If you’ve ever been to a band or orchestra concert, or attended a brass instrument recital, you will have seen brass players draining water out of their instruments.
The instruments are fitted with little valves at the curves in the tubing where the water collects. Players can discreetly open the valve and release the water.
My own instrument, the French horn, is not so well-known for discreet water-letting. The tubing curls every which way and the water collects in all kinds of hiding places. You will often see horn players spinning and twirling their instruments and disassembling the tubing to find the water and get it out.
For all that, many a beautiful musical moment is still spoiled by water gurgling in the horn.
Players disagree on what, exactly, this “water” is.

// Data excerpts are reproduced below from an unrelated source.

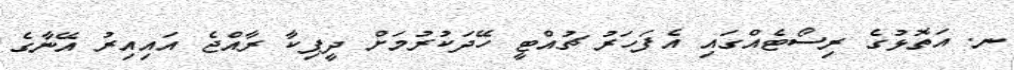
ނ. އަތޮޅުގެ ރިސޯޓެއްގައި އެފަހަރު ޗުއްޓީ ހޭދަކުރުމަށް ދީޕިކާ ރާއްޖެ އައިއިރު އޭނާގެ
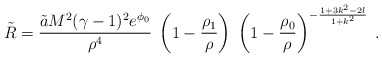
\begin{align*}\tilde{R} = \frac{\tilde{a} M^2 (\gamma - 1)^2 e^{\phi_0}}{\rho^4} \;\left(1 - \frac{\rho_1}{\rho}\right) \;\left(1 - \frac{\rho_0}{\rho}\right)^{- \frac{1 + 3 k^2 - 2 l}{1 + k^2}}\; .\end{align*}
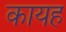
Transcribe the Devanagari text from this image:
कायह
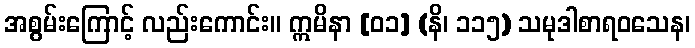
အစွမ်းကြောင့် လည်းကောင်း။ ဣမိနာ [၀၁] (နိ၊ ၁၁၅) သမုဒါစာရဝသေန၊
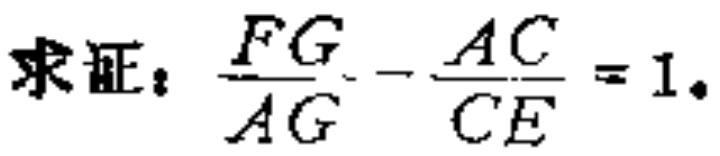
求证：\(\frac{FG}{AG}-\frac{AC}{CE}=1\)。
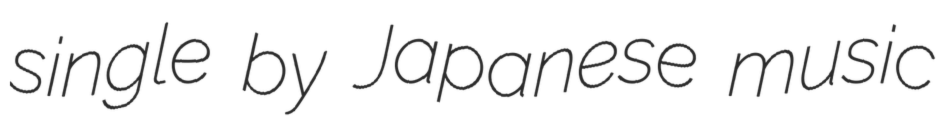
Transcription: single by Japanese music
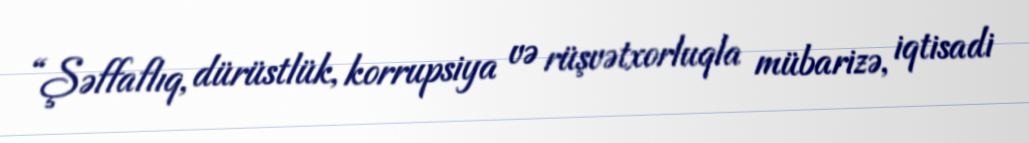
“Şəffaflıq, dürüstlük, korrupsiya və rüşvətxorluqla mübarizə, iqtisadi
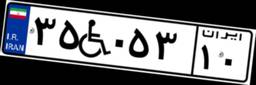
۳۵W۰۵۳۱۰
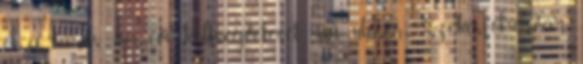
el a város 2018. évi költségvetését mai ülésén Székesfehérvár
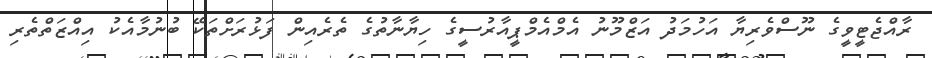
ރާއްޖެޓީވީގެ ނޫސްވެރިޔާ އަހުމަދު އަޒްމޫނު އެމްއެމްޕީއާރުސީގެ ހިޔާނާތުގެ ތެރެއިން ފަޅުރަށްތަކޭ ބުނުމާއެކު އިއްޒަތްތެރި
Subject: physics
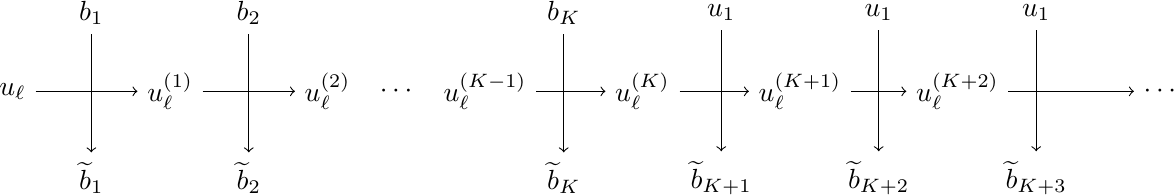
LaTeX code:
	\begin{tikzpicture}
		\node (b1) at (1,1) {$b_1$};
		\node (b2) at (3,1) {$b_2$};
		\node (bK) at (7,1) {$b_K$};
		\node (bK1) at (9,1) {$u_1$};
		\node (bK2) at (11,1) {$u_1$};
		\node (bK3) at (13,1) {$u_1$};

		\node (bt1) at (1,-1.1) {$\widetilde{b}_1$};
		\node (bt2) at (3,-1.1) {$\widetilde{b}_2$};
		\node (btK) at (7,-1.1) {$\widetilde{b}_K$};
		\node (btK1) at (9,-1.1) {$\widetilde{b}_{K+1}$};
		\node (btK2) at (11,-1.1) {$\widetilde{b}_{K+2}$};
		\node (btK3) at (13,-1.1) {$\widetilde{b}_{K+3}$};

		\node (carr0) at (0,0) {$u_\ell$};
		\node (carr1) at (2,0) {$u_\ell^{(1)}$};
		\node (carr2) at (4,0) {$u_\ell^{(2)}$};
		\node (carrK-1) at (6,0) {$ u_{\ell}^{(K-1)}$};
		\node (carrK0) at (8,0) {$u_\ell^{(K)}$};
		\node (carrK1) at (10,0) {$u_\ell^{(K+1)}$};
		\node (carrK2) at (12,0) {$u_\ell^{(K+2)}$};
		\node (carrK3) at (14.6,0) {$\cdots$};

		\foreach \i in {1,2,K,{K1},{K2},{K3}}
		{
			\draw[->] (b\i) -- (bt\i);
		}
		\foreach \i[evaluate=\i as \j using int(\i+1)] in {0,1}
		{
			\draw[->] (carr\i) -- (carr\j);
		}
		\node (carrdots) at (4.9,0) {$\cdots$};
		\foreach \i[evaluate=\i as \j using int(\i+1)] in {-1,...,2}
		{
			\draw[->] (carrK\i) -- (carrK\j);
		}
	\end{tikzpicture}
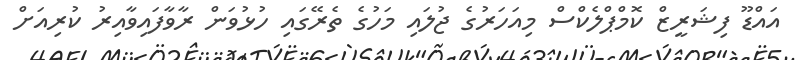
އައްޑޫ ފިޝަރީޒް ކޮމްޕްލެކްސް މިއަހަރުގެ ޖުލައި މަހުގެ ތެރޭގައި ހުޅުވަން ރާވާފައިވާއިރު ކުރިއަށް
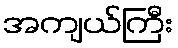
အကျယ်ကြီး

Some say it’s accumulated saliva – the release key is known as a “spit-valve.” Others insist that we don’t spit into the instruments at all—the liquid is the water vapour from our breath, which has condensed upon contact with the metal inside the horn.
It’s probably both—distilled breath-water with a bit of spit.
If that sounds unappealing, it might be better to think of it as “liquid music.”
I’ve been pondering this concept of liquid music since band and choir activities were suspended in the spring. I had been preparing a short program of horn music back then, and was ready to begin rehearsals. I had also been playing in the 4 Wing Band and a horn quartet. All that came to a stop.
I tried to keep practicing in the meantime, but eventually let it go.
It’s a long and difficult process for a brass player to get back into playing shape. It can take weeks of daily practice
to get enough strength and endurance to be nearly adequately mediocre.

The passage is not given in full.